CopyCode The Code is as follows: nodelist body_nodes = This. getparser (). parse (body_filter );
For (INT I = 0; I <body_nodes.size (); I ++)
{
Node node = body_nodes.elementat (I );
Parser body_parser = new Parser (node. tohtml ());
Textextractingvisitor visitor = new textractingvisitor ();
Body_parser.visitallnodeswith (visitor );
Body. append (visitor. getextractedtext ());
}
Textextractingvisitor, visitallnodeswith, and other classes and methods are important but rare in visitor.

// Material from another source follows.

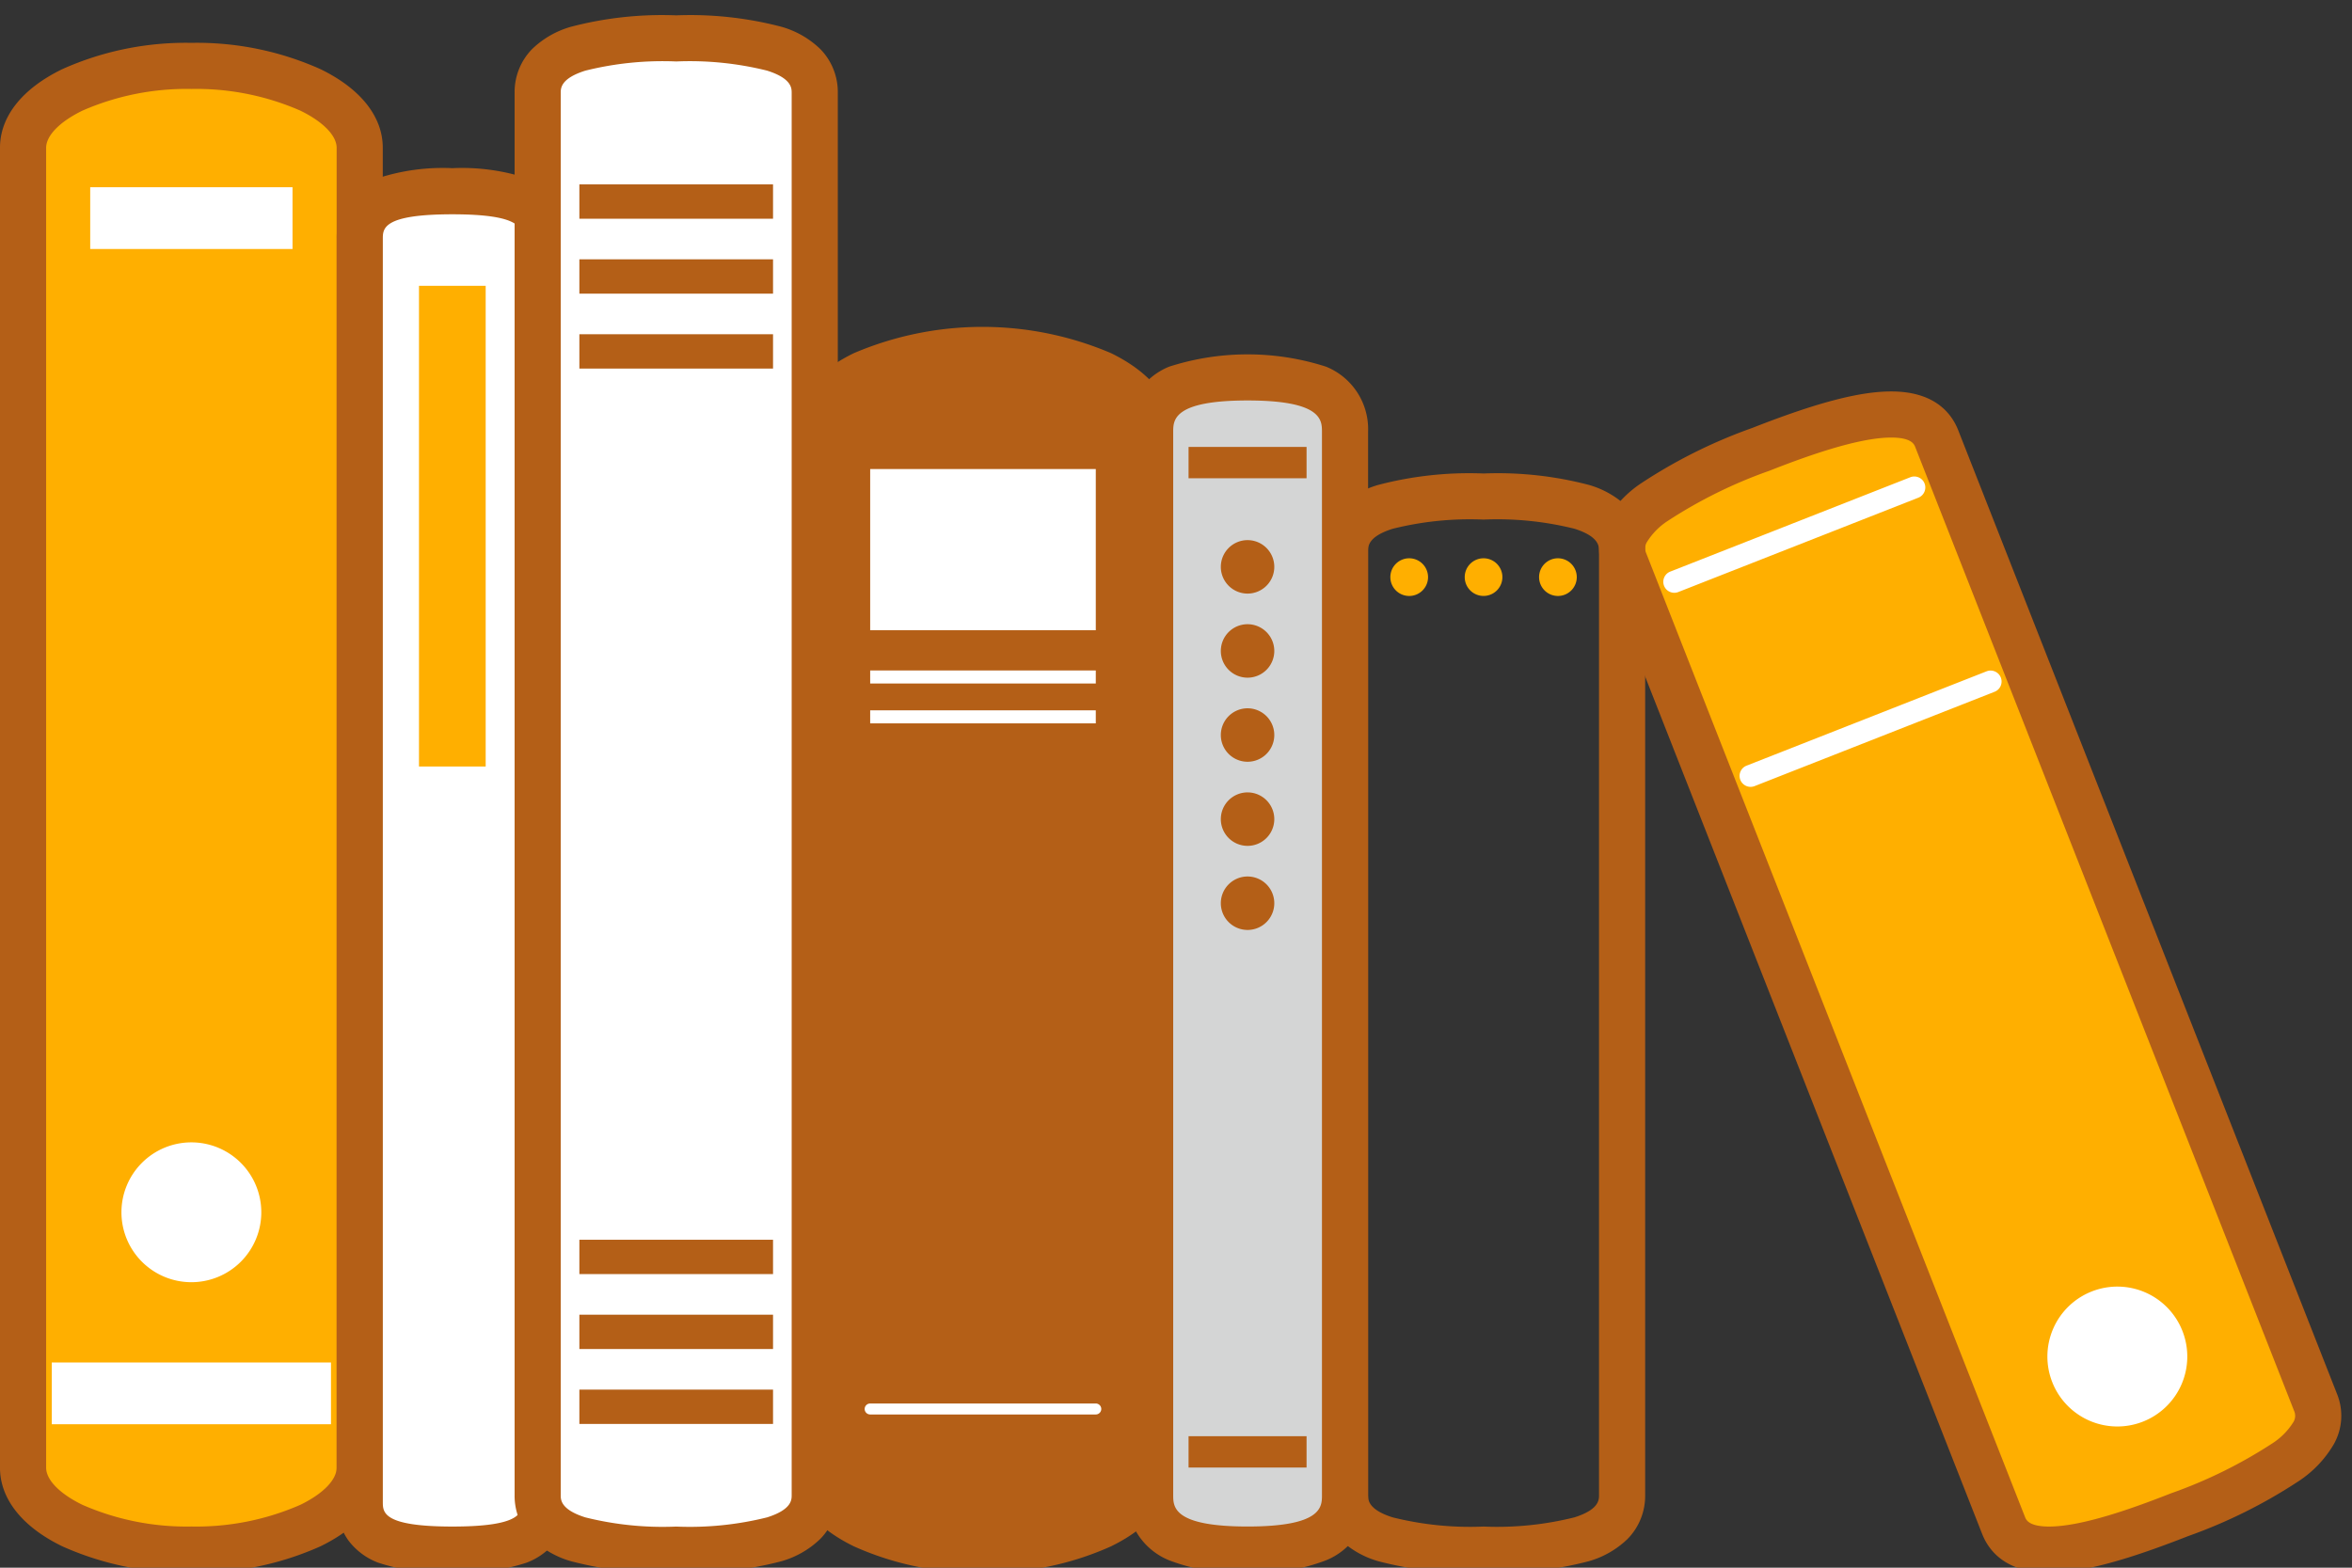 <svg xmlns="http://www.w3.org/2000/svg" xmlns:xlink="http://www.w3.org/1999/xlink" width="153" height="102" viewBox="0 0 153 102"><rect x="0" y="0" width="153" height="102" fill="#333333" stroke="none"/><defs><clipPath id="a"><rect width="153" height="102" transform="translate(69 323)"/></clipPath></defs><g transform="translate(-69 -323)" clip-path="url(#a)"><g transform="translate(14817.5 8805.591)"><path d="M14.676.357H0A.358.358,0,0,1-.358,0,.358.358,0,0,1,0-.357H14.676A.358.358,0,0,1,15.034,0,.358.358,0,0,1,14.676.357Z" transform="translate(-14691.895 -8387.634)" fill="#fff"/><path d="M64.791,94.849V8.976c0-2.943-4.9-5.329-10.95-5.329S42.893,6.033,42.893,8.976V94.849c0,2.944,4.9,5.33,10.949,5.33s10.95-2.386,10.95-5.33" transform="translate(-14789.893 -8481.95)" fill="#ffaf00"/><path d="M53.842,101.679a19.649,19.649,0,0,1-8.4-1.712c-2.612-1.271-4.05-3.089-4.05-5.118V8.976c0-2.029,1.438-3.846,4.05-5.117a19.65,19.65,0,0,1,8.4-1.712,19.653,19.653,0,0,1,8.4,1.712c2.612,1.271,4.051,3.089,4.051,5.117V94.849c0,2.029-1.439,3.846-4.051,5.118A19.651,19.651,0,0,1,53.842,101.679Zm0-96.532a16.868,16.868,0,0,0-7.085,1.41c-1.48.72-2.363,1.625-2.363,2.42V94.849c0,.8.883,1.7,2.363,2.421a16.867,16.867,0,0,0,7.085,1.41,16.869,16.869,0,0,0,7.086-1.41c1.48-.72,2.364-1.625,2.364-2.421V8.976c0-.795-.884-1.7-2.364-2.42A16.871,16.871,0,0,0,53.842,5.147Z" transform="translate(-14789.893 -8481.95)" fill="#b45f17"/><rect width="18.162" height="4.018" transform="translate(-14745.132 -8393.942)" fill="#fff"/><rect width="13.161" height="4.019" transform="translate(-14742.632 -8470.409)" fill="#fff"/><path d="M59.671,92.239a4.549,4.549,0,1,1-4.549-4.549,4.55,4.55,0,0,1,4.549,4.549" transform="translate(-14791.173 -8495.954)" fill="#fff"/><path d="M212.83,95.161,188.18,32.437c-1.076-2.74-5.839-1.509-11.446.693s-9.935,4.547-8.858,7.287l24.648,62.723c1.078,2.74,5.843,1.511,11.45-.693s9.934-4.547,8.856-7.286" transform="translate(-14810.692 -8486.485)" fill="#ffaf00"/><path d="M195.491,106.215h0c-2.784,0-3.909-1.374-4.362-2.526L166.48,40.966a3.767,3.767,0,0,1,.214-3.24,7.283,7.283,0,0,1,2.219-2.364,33.391,33.391,0,0,1,7.272-3.627c4.176-1.64,6.961-2.372,9.032-2.372,2.783,0,3.907,1.374,4.36,2.526l24.65,62.723a3.766,3.766,0,0,1-.214,3.24,7.281,7.281,0,0,1-2.219,2.364,33.356,33.356,0,0,1-7.271,3.627C200.349,105.483,197.564,106.215,195.491,106.215ZM185.217,32.363c-2.174,0-5.57,1.235-7.934,2.164a30.791,30.791,0,0,0-6.6,3.258,4.426,4.426,0,0,0-1.343,1.356.777.777,0,0,0-.068.729l24.648,62.723c.073.186.245.624,1.57.624,2.177,0,5.571-1.235,7.934-2.164a30.759,30.759,0,0,0,6.6-3.257,4.423,4.423,0,0,0,1.342-1.356.776.776,0,0,0,.068-.728l-24.65-62.724C186.711,32.8,186.539,32.363,185.217,32.363Z" transform="translate(-14810.692 -8486.485)" fill="#b45f17"/><path d="M0,6.85A.716.716,0,0,1-.666,6.4a.715.715,0,0,1,.4-.928L15.347-.666a.716.716,0,0,1,.928.4.715.715,0,0,1-.4.928L.262,6.8A.714.714,0,0,1,0,6.85Z" transform="translate(-14634.621 -8438.245)" fill="#fff"/><path d="M0,6.85A.716.716,0,0,1-.666,6.4a.715.715,0,0,1,.4-.928L15.349-.666a.715.715,0,0,1,.928.4.715.715,0,0,1-.4.928L.262,6.8A.714.714,0,0,1,0,6.85Z" transform="translate(-14639.584 -8450.872)" fill="#fff"/><path d="M209.694,101.837a4.55,4.55,0,1,1-5.9-2.57,4.547,4.547,0,0,1,5.9,2.57" transform="translate(-14816.224 -8497.83)" fill="#fff"/><path d="M126.508,98.544V31.152c0-2.944-4.884-5.331-10.909-5.331s-10.91,2.387-10.91,5.331V98.544c0,2.944,4.885,5.33,10.91,5.33s10.909-2.386,10.909-5.33" transform="translate(-14800.19 -8485.645)" fill="#b45f17"/><path d="M115.6,105.374a19.531,19.531,0,0,1-8.373-1.713c-2.6-1.272-4.037-3.089-4.037-5.117V31.152c0-2.028,1.434-3.845,4.037-5.117a21.31,21.31,0,0,1,16.745,0c2.6,1.272,4.037,3.089,4.037,5.117V98.544c0,2.028-1.434,3.845-4.037,5.117A19.526,19.526,0,0,1,115.6,105.374Zm0-78.053a16.744,16.744,0,0,0-7.056,1.409c-1.474.72-2.354,1.626-2.354,2.422V98.544c0,.8.88,1.7,2.354,2.421a18.373,18.373,0,0,0,14.111,0c1.474-.72,2.354-1.625,2.354-2.421V31.152c0-.8-.88-1.7-2.354-2.422A16.739,16.739,0,0,0,115.6,27.321Z" transform="translate(-14800.19 -8485.645)" fill="#b45f17"/><rect width="14.676" height="10.487" transform="translate(-14691.894 -8452.073)" fill="#fff"/><rect width="14.676" height="0.848" transform="translate(-14691.894 -8438.968)" fill="#fff"/><rect width="14.676" height="0.848" transform="translate(-14691.894 -8436.374)" fill="#fff"/><path d="M14.676.357H0A.358.358,0,0,1-.358,0,.358.358,0,0,1,0-.357H14.676A.358.358,0,0,1,15.034,0,.358.358,0,0,1,14.676.357Z" transform="translate(-14691.895 -8390.917)" fill="#fff"/><path d="M155.095,107.282a23.373,23.373,0,0,1-6.827-.737,5.967,5.967,0,0,1-2.554-1.465,4,4,0,0,1-1.132-2.84V40.81a4,4,0,0,1,1.132-2.84,5.967,5.967,0,0,1,2.554-1.465,23.369,23.369,0,0,1,6.827-.737,23.365,23.365,0,0,1,6.826.737,5.966,5.966,0,0,1,2.554,1.465,4,4,0,0,1,1.132,2.84V102.24a4,4,0,0,1-1.132,2.84,5.967,5.967,0,0,1-2.554,1.465A23.368,23.368,0,0,1,155.095,107.282Zm0-68.515a20.762,20.762,0,0,0-5.919.6c-1.594.506-1.594,1.141-1.594,1.446V102.24c0,.3,0,.939,1.593,1.445a20.766,20.766,0,0,0,5.919.6,20.762,20.762,0,0,0,5.919-.6c1.593-.506,1.593-1.14,1.593-1.445V40.81c0-.305,0-.94-1.593-1.446A20.758,20.758,0,0,0,155.095,38.767Z" transform="translate(-14807.088 -8487.552)" fill="#b45f17"/><path d="M157.877,43.314a1.225,1.225,0,1,1-1.226-1.226,1.226,1.226,0,0,1,1.226,1.226" transform="translate(-14808.645 -8488.355)" fill="#ffaf00"/><path d="M152.074,43.314a1.226,1.226,0,1,1-1.228-1.226,1.228,1.228,0,0,1,1.228,1.226" transform="translate(-14807.678 -8488.355)" fill="#ffaf00"/><path d="M163.682,43.314a1.226,1.226,0,1,1-1.228-1.226,1.228,1.228,0,0,1,1.228,1.226" transform="translate(-14809.611 -8488.355)" fill="#ffaf00"/><path d="M81.223,98.711V16.531c0-2.7-2.7-3.1-6.027-3.1s-6.026.4-6.026,3.1v82.18c0,2.7,2.7,3.1,6.026,3.1s6.027-.4,6.027-3.1" transform="translate(-14794.271 -8483.58)" fill="#fff"/><path d="M75.2,103.311a13.553,13.553,0,0,1-4.819-.645,4.353,4.353,0,0,1-1.944-1.446,4.152,4.152,0,0,1-.763-2.508V16.531a4.152,4.152,0,0,1,.763-2.509,4.352,4.352,0,0,1,1.944-1.446,13.557,13.557,0,0,1,4.819-.645,13.561,13.561,0,0,1,4.82.645,4.352,4.352,0,0,1,1.944,1.446,4.152,4.152,0,0,1,.763,2.509v82.18a4.152,4.152,0,0,1-.763,2.508,4.353,4.353,0,0,1-1.944,1.446A13.557,13.557,0,0,1,75.2,103.311Zm0-88.379c-4.526,0-4.526.924-4.526,1.6v82.18c0,.675,0,1.6,4.526,1.6s4.527-.924,4.527-1.6V16.531C79.723,15.856,79.723,14.932,75.2,14.932Z" transform="translate(-14794.271 -8483.58)" fill="#b45f17"/><rect width="4.338" height="31.276" transform="translate(-14721.244 -8463.995)" fill="#ffaf00"/><path d="M101.085,96.281V5.043c0-2.944-4.035-3.542-9.011-3.542s-9.012.6-9.012,3.542V96.281c0,2.943,4.035,3.542,9.012,3.542s9.011-.6,9.011-3.542" transform="translate(-14796.586 -8481.592)" fill="#fff"/><path d="M92.074,101.322a23.369,23.369,0,0,1-6.826-.737,5.967,5.967,0,0,1-2.554-1.465,4,4,0,0,1-1.132-2.84V5.043A4,4,0,0,1,82.694,2.2,5.966,5.966,0,0,1,85.248.738,23.375,23.375,0,0,1,92.074,0,23.371,23.371,0,0,1,98.9.738,5.966,5.966,0,0,1,101.454,2.2a4,4,0,0,1,1.132,2.84V96.281a4,4,0,0,1-1.132,2.84,5.967,5.967,0,0,1-2.554,1.465A23.365,23.365,0,0,1,92.074,101.322ZM92.074,3a20.768,20.768,0,0,0-5.919.6c-1.593.505-1.593,1.14-1.593,1.445V96.281c0,.3,0,.939,1.593,1.445a20.762,20.762,0,0,0,5.919.6,20.758,20.758,0,0,0,5.918-.6c1.593-.506,1.593-1.14,1.593-1.445V5.043c0-.305,0-.94-1.593-1.445A20.764,20.764,0,0,0,92.074,3Z" transform="translate(-14796.586 -8481.592)" fill="#b45f17"/><rect width="12.598" height="2.234" transform="translate(-14710.811 -8470.594)" fill="#b45f17"/><rect width="12.598" height="2.234" transform="translate(-14710.811 -8465.719)" fill="#b45f17"/><rect width="12.598" height="2.234" transform="translate(-14710.811 -8460.844)" fill="#b45f17"/><rect width="12.598" height="2.234" transform="translate(-14710.811 -8401.928)" fill="#b45f17"/><rect width="12.598" height="2.234" transform="translate(-14710.811 -8397.052)" fill="#b45f17"/><rect width="12.598" height="2.233" transform="translate(-14710.811 -8392.177)" fill="#b45f17"/><path d="M143.547,100.691V31.51c0-2.944-2.837-3.542-6.338-3.542s-6.339.6-6.339,3.542v69.181c0,2.943,2.837,3.542,6.339,3.542s6.338-.6,6.338-3.542" transform="translate(-14804.553 -8486.003)" fill="#d4d5d5"/><path d="M137.21,105.733a12.516,12.516,0,0,1-5.1-.8,4.384,4.384,0,0,1-2.739-4.242V31.51a4.384,4.384,0,0,1,2.739-4.242,16.659,16.659,0,0,1,10.2,0,4.384,4.384,0,0,1,2.739,4.242v69.181a4.384,4.384,0,0,1-2.739,4.242A12.513,12.513,0,0,1,137.21,105.733Zm0-76.265c-4.839,0-4.839,1.278-4.839,2.042v69.181c0,.764,0,2.042,4.839,2.042s4.838-1.278,4.838-2.042V31.51C142.047,30.746,142.047,29.468,137.21,29.468Z" transform="translate(-14804.553 -8486.003)" fill="#b45f17"/><path d="M139.867,42.409a1.739,1.739,0,1,1-1.738-1.739,1.739,1.739,0,0,1,1.738,1.739" transform="translate(-14805.473 -8488.118)" fill="#b45f17"/><path d="M139.867,48.975a1.739,1.739,0,1,1-1.738-1.739,1.74,1.74,0,0,1,1.738,1.739" transform="translate(-14805.473 -8489.213)" fill="#b45f17"/><path d="M139.867,55.54a1.739,1.739,0,1,1-1.738-1.739,1.74,1.74,0,0,1,1.738,1.739" transform="translate(-14805.473 -8490.307)" fill="#b45f17"/><path d="M139.867,62.106a1.739,1.739,0,1,1-1.738-1.739,1.739,1.739,0,0,1,1.738,1.739" transform="translate(-14805.473 -8491.401)" fill="#b45f17"/><path d="M139.867,68.67a1.739,1.739,0,1,1-1.738-1.738,1.739,1.739,0,0,1,1.738,1.738" transform="translate(-14805.473 -8492.495)" fill="#b45f17"/><rect width="7.676" height="2.039" transform="translate(-14671.183 -8453.512)" fill="#b45f17"/><rect width="7.676" height="2.039" transform="translate(-14671.183 -8389.146)" fill="#b45f17"/></g></g></svg>

Attached belowSource code:Copy codeThe Code is as follows: Import java. Io. bufferedwriter;
Import java. Io. file;
Import java. Io. filewriter;
Import java. Io. ioexception;
Import java. util. date;
Import org.html parser. node;
Import org.html parser. nodefilter;
Import org.html parser. parser;
Import org.html parser. Filters. andfilter;
Import org.html parser. Filters. hasattributefilter;
Import org.html parser. Filters. haschildfilter;
Import org.html parser. Filters. tagnamefilter;
Import org.html parser. util. nodelist;
Import org.html parser. Visitors. textextractingvisitor;
Import com. Extractor. Extractor;
Public class extractorhangdian extends extractor {
Public void extract ()
{
Bufferedwriter BW = NULL;
String indextime;
String title;
Stringbuffer body = new stringbuffer ();;
Nodefilter time_filter = new andfilter (New tagnamefilter ("font"), new hasattributefilter ("color", "#808080 "));
Nodefilter title_filter1 = new andfilter (New tagnamefilter ("TD"), new haschildfilter (New tagnamefilter ("B ")));
Nodefilter body_filter = new andfilter (New tagnamefilter ("TD"), new haschildfilter (New tagnamefilter ("p ")));
Try
{
Nodelist title_nodes = This. getparser (). parse (title_filter1 );
Node node = title_nodes.elementat (0 );
Nodelist node2 = node. getchildren ();
// Title = node2.elementat (0). tohtml ();/* '\ r \ n '*/
// Title = node2.elementat (1). tohtml ();/* Font color = "#000080" style = "font-size: 14.4px */
// Title = node2.elementat (2). tohtml ();/* B */
Title = node2.elementat (3). tohtml ();/* notice of textbook subscription and instructor registration */
BW = new bufferedwriter (New filewriter (new file (this. getoutputpath () + title + ". txt ")));
String url_seg1 = getinputfilepath (). substring (3,30 );
Int end = getinputfilepath (). lastindexof (".");
String url_seg2 = getinputfilepath (). substring (30, end );
String url_seg = url_seg1 + ". asp? "+ Url_seg2;
Url_seg = url_seg.replaceall ("\\\\","/");
String url = "http: //" + url_seg;
Bw. Write (URL + newline );
Bw. Write (Title + newline );
}
Catch (exception E)
{
E. printstacktrace ();
}
This. getparser (). Reset ();
Try
{
Nodelist time_nodes = This. getparser (). parse (time_filter );
Node time_node = time_nodes.elementat (1); // here "1" indicates the second element that conforms to time_filter
Indextime = time_node.getnextsibling (). tohtml ();
Bw. Write (indextime + newline );
}
Catch (exception E)
{
E. printstacktrace ();
}
This. getparser (). Reset (); // obtain all TXT text except the tag.
Try
{
Nodelist body_nodes = This. getparser (). parse (body_filter );
For (INT I = 0; I <body_nodes.size (); I ++)
{
Node node = body_nodes.elementat (I );
Parser body_parser = new Parser (node. tohtml ());
Textextractingvisitor visitor = new textractingvisitor ();
Body_parser.visitallnodeswith (visitor );
Body. append (visitor. getextractedtext ());
}
Bw. Write (body + newline );
}
Catch (exception E)
{
E. printstacktrace ();
}
Try
{
If (BW! = NULL)
Bw. Close ();
} Catch (ioexception E)
{
E. printstacktrace ();
}
}
}
Here, by the way, BW was not switched off in the past, so why can't I read it? After several days, it was so depressing that it was very popular when I thought of it. Pay attention !!